What is projectile motion?

Projectile motion is the motion of an object launched into the air and then moving under gravity. In the ideal model, horizontal motion is constant and vertical motion is accelerated by gravity.

What is the formula for horizontal velocity?

The horizontal velocity component is v_x = v₀ cosθ, where v₀ is initial speed and θ is the launch angle.

What is the formula for vertical velocity at launch?

The initial vertical velocity component is v_y0 = v₀ sinθ.

How do you calculate projectile range?

In the ideal model, range is horizontal velocity multiplied by total time of flight: R = v_xt.

How do you calculate maximum height?

For an upward launch, maximum height is H_max = h₀ + v_y0² / (2g). This assumes constant gravity and no air resistance.

How do you calculate time to peak?

For an upward launch, time to peak is t_peak = v_y0 / g. This is the time when vertical velocity becomes zero.

Does 45 degrees always give the maximum range?

No. A 45° launch gives maximum range only in the ideal no-air-resistance model when launch and landing heights are the same. Initial height, drag, wind, and real-world effects can change the best angle.

Does this calculator include air resistance?

No. This calculator uses the ideal projectile-motion model and does not include air resistance, wind, spin, lift, drag, or shape effects.

Why does initial height matter?

Initial height changes the vertical position equation and the total time of flight. A projectile launched from above the landing level usually stays in the air longer and travels farther horizontally.

What happens if gravity is lower?

In the ideal model, lower gravity usually increases time of flight, maximum height, and horizontal range for the same launch speed and angle.

Can I use this calculator for real sports or ballistics?

You can use it for basic learning and rough ideal comparisons, but real sports and ballistic motion may require air resistance, spin, wind, drag, and safety modeling.

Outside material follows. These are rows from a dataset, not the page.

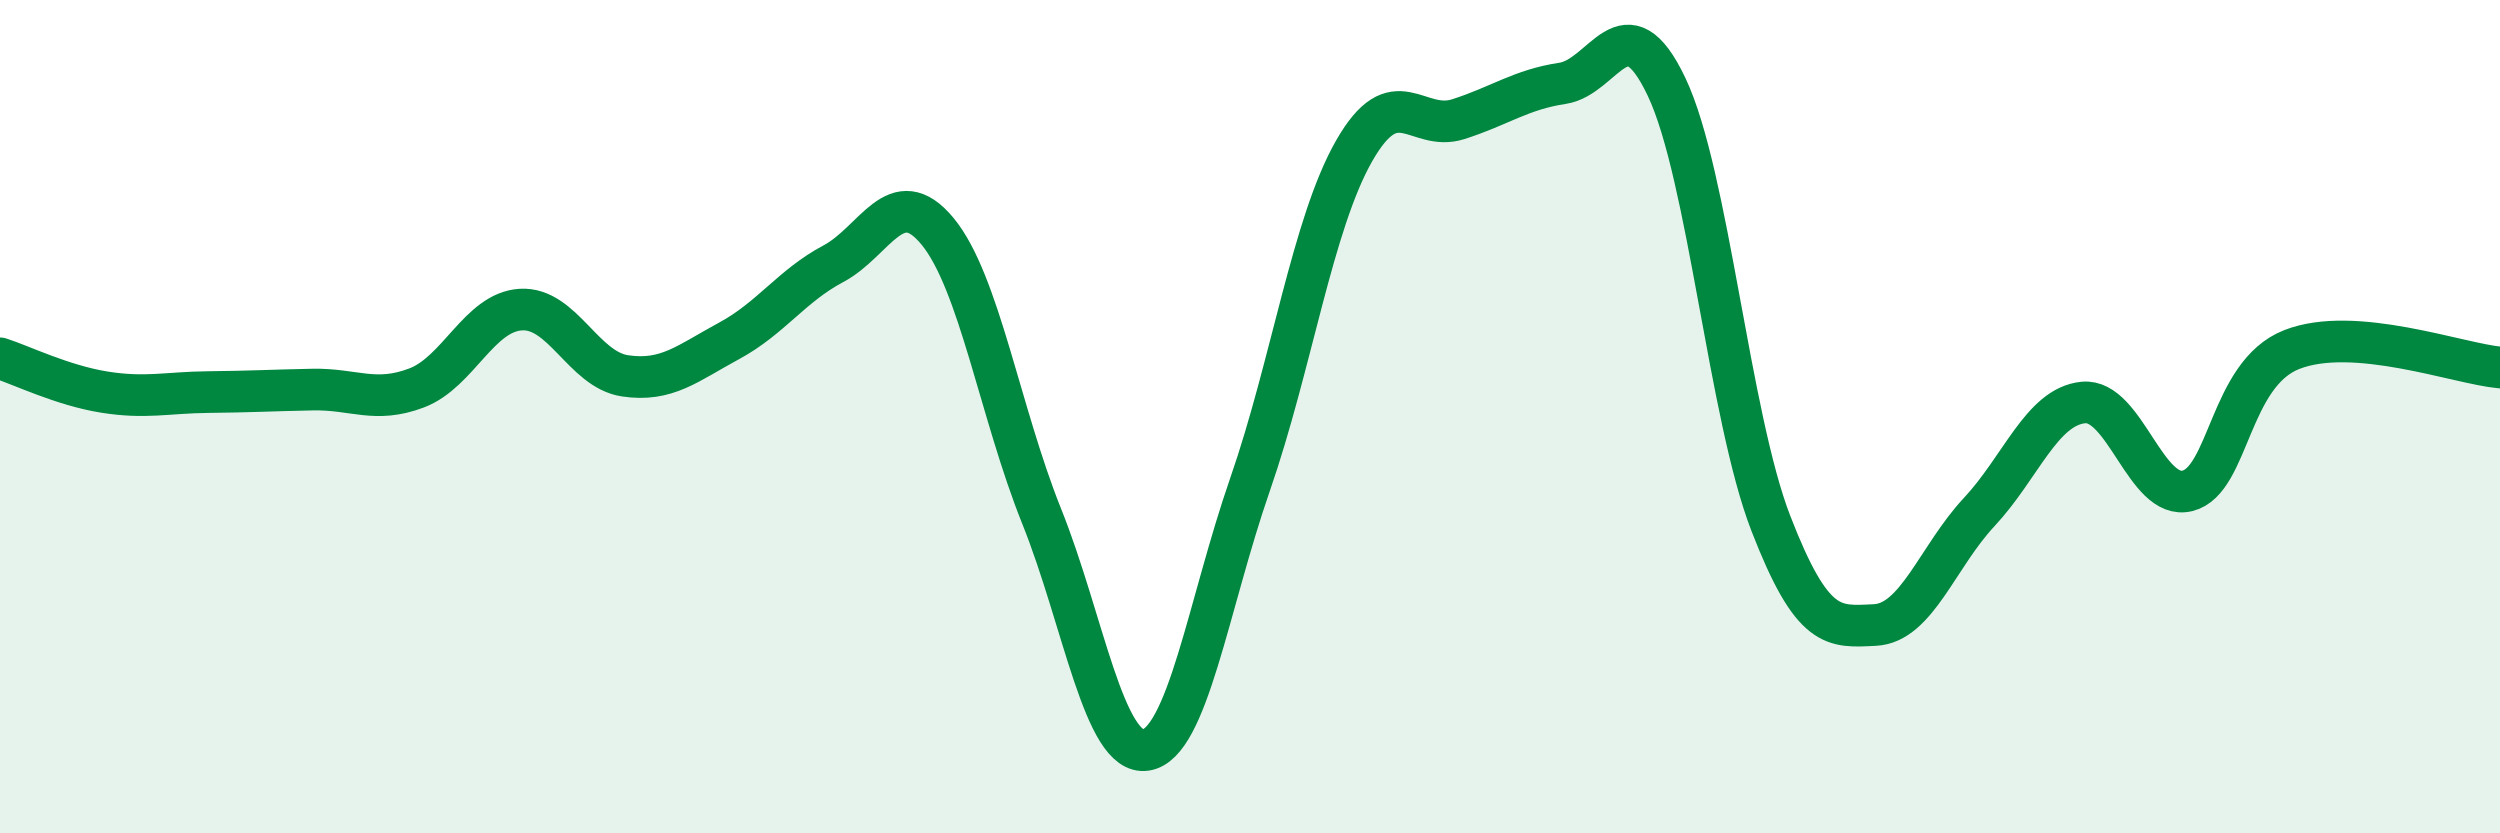 
    <svg width="60" height="20" viewBox="0 0 60 20" xmlns="http://www.w3.org/2000/svg">
      <path
        d="M 0,8.6 C 0.5,8.76 1.5,9.25 2.5,9.41 C 3.5,9.57 4,9.42 5,9.41 C 6,9.4 6.5,9.37 7.5,9.35 C 8.5,9.33 9,9.69 10,9.31 C 11,8.93 11.5,7.49 12.5,7.43 C 13.5,7.37 14,8.87 15,9.02 C 16,9.17 16.5,8.72 17.5,8.18 C 18.5,7.64 19,6.86 20,6.33 C 21,5.8 21.5,4.34 22.5,5.55 C 23.5,6.76 24,9.9 25,12.39 C 26,14.88 26.5,18.15 27.5,18 C 28.5,17.85 29,14.51 30,11.63 C 31,8.75 31.5,5.37 32.5,3.62 C 33.5,1.87 34,3.18 35,2.86 C 36,2.54 36.5,2.15 37.5,2 C 38.5,1.85 39,-0.02 40,2.09 C 41,4.2 41.5,9.98 42.5,12.56 C 43.5,15.14 44,15.05 45,15 C 46,14.95 46.5,13.36 47.5,12.29 C 48.5,11.22 49,9.76 50,9.66 C 51,9.56 51.5,12.03 52.5,11.78 C 53.5,11.53 53.5,8.98 55,8.39 C 56.5,7.8 59,8.73 60,8.82L60 20L0 20Z"
        fill="#008740"
        opacity="0.1"
        stroke-linecap="round"
        stroke-linejoin="round"
      />
      <path
        d="M 0,8.6 C 0.5,8.76 1.5,9.25 2.5,9.41 C 3.5,9.57 4,9.42 5,9.41 C 6,9.4 6.5,9.37 7.5,9.35 C 8.5,9.33 9,9.69 10,9.31 C 11,8.93 11.5,7.49 12.5,7.43 C 13.5,7.37 14,8.87 15,9.02 C 16,9.17 16.5,8.72 17.5,8.18 C 18.5,7.64 19,6.86 20,6.33 C 21,5.8 21.5,4.34 22.5,5.55 C 23.5,6.76 24,9.9 25,12.39 C 26,14.88 26.5,18.15 27.5,18 C 28.5,17.85 29,14.51 30,11.63 C 31,8.75 31.5,5.37 32.5,3.62 C 33.5,1.87 34,3.18 35,2.86 C 36,2.54 36.5,2.15 37.5,2 C 38.5,1.85 39,-0.02 40,2.09 C 41,4.2 41.5,9.98 42.5,12.56 C 43.5,15.14 44,15.05 45,15 C 46,14.95 46.5,13.36 47.5,12.29 C 48.5,11.22 49,9.76 50,9.66 C 51,9.56 51.5,12.03 52.5,11.78 C 53.5,11.53 53.5,8.98 55,8.39 C 56.5,7.8 59,8.73 60,8.82"
        stroke="#008740"
        stroke-width="1"
        fill="none"
        stroke-linecap="round"
        stroke-linejoin="round"
      />
    </svg>
  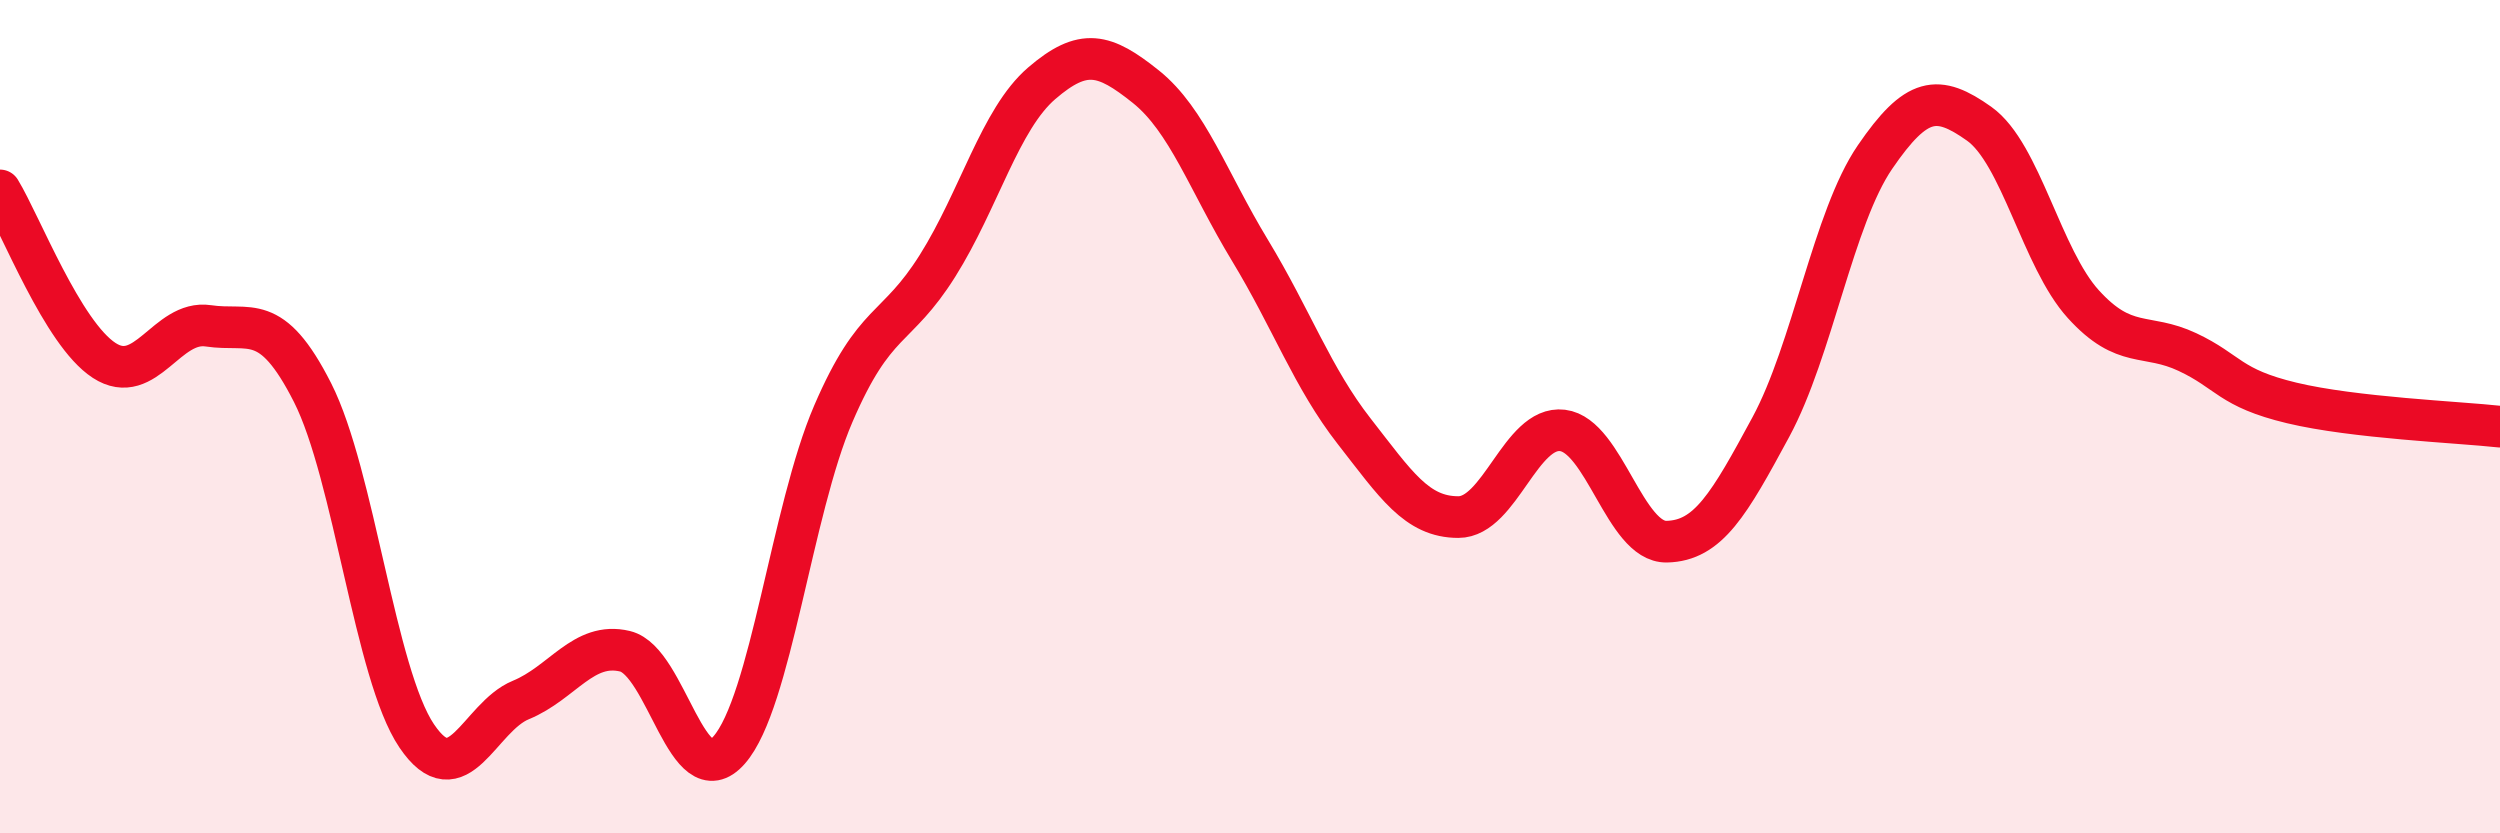 
    <svg width="60" height="20" viewBox="0 0 60 20" xmlns="http://www.w3.org/2000/svg">
      <path
        d="M 0,4.57 C 0.5,5.39 1.5,8 2.5,8.65 C 3.5,9.3 4,7.67 5,7.82 C 6,7.97 6.5,7.45 7.5,9.42 C 8.5,11.39 9,16.18 10,17.66 C 11,19.14 11.5,17.21 12.5,16.8 C 13.5,16.39 14,15.39 15,15.63 C 16,15.87 16.5,19.14 17.5,18 C 18.5,16.86 19,12.25 20,9.93 C 21,7.61 21.5,7.97 22.5,6.38 C 23.5,4.79 24,2.86 25,2 C 26,1.14 26.5,1.28 27.5,2.08 C 28.5,2.88 29,4.36 30,6.01 C 31,7.66 31.5,9.07 32.5,10.35 C 33.5,11.63 34,12.41 35,12.41 C 36,12.41 36.5,10.21 37.5,10.33 C 38.5,10.45 39,13.02 40,13 C 41,12.98 41.5,12.1 42.5,10.25 C 43.5,8.4 44,5.23 45,3.77 C 46,2.31 46.5,2.26 47.5,2.97 C 48.5,3.68 49,6.2 50,7.3 C 51,8.4 51.5,7.98 52.5,8.45 C 53.5,8.92 53.5,9.31 55,9.67 C 56.5,10.03 59,10.13 60,10.24L60 20L0 20Z"
        fill="#EB0A25"
        opacity="0.1"
        stroke-linecap="round"
        stroke-linejoin="round"
      />
      <path
        d="M 0,4.57 C 0.5,5.39 1.5,8 2.5,8.65 C 3.5,9.3 4,7.67 5,7.82 C 6,7.97 6.5,7.45 7.5,9.42 C 8.5,11.39 9,16.18 10,17.66 C 11,19.14 11.5,17.21 12.5,16.8 C 13.5,16.39 14,15.39 15,15.63 C 16,15.87 16.5,19.14 17.5,18 C 18.5,16.86 19,12.25 20,9.93 C 21,7.61 21.5,7.97 22.5,6.38 C 23.5,4.79 24,2.86 25,2 C 26,1.14 26.5,1.28 27.5,2.08 C 28.5,2.88 29,4.36 30,6.01 C 31,7.66 31.5,9.07 32.5,10.35 C 33.5,11.63 34,12.41 35,12.41 C 36,12.41 36.5,10.21 37.5,10.33 C 38.5,10.45 39,13.02 40,13 C 41,12.98 41.5,12.1 42.5,10.25 C 43.5,8.4 44,5.23 45,3.77 C 46,2.31 46.5,2.26 47.5,2.97 C 48.5,3.68 49,6.2 50,7.3 C 51,8.4 51.5,7.98 52.5,8.45 C 53.5,8.92 53.5,9.31 55,9.67 C 56.5,10.03 59,10.13 60,10.24"
        stroke="#EB0A25"
        stroke-width="1"
        fill="none"
        stroke-linecap="round"
        stroke-linejoin="round"
      />
    </svg>

Disclaimer: This Projectile Motion Calculator provides educational estimates using the ideal projectile-motion model. It assumes constant downward gravity, no air resistance, no wind, no spin, no lift, no drag, and a landing reference level of y = 0. Results depend on the initial speed, launch angle, initial height, gravity value, and units entered. The model works well for many textbook physics problems, but real projectiles such as balls, arrows, vehicles, water streams, and long-range objects may behave differently because of air resistance, rotation, shape, wind, altitude changes, surface slope, and impact conditions. Use this calculator for homework, learning, and general trajectory comparisons, and use a full physics, engineering, sports-science, or ballistic model for safety-critical, long-range, high-speed, aerodynamic, or real-world launch analysis.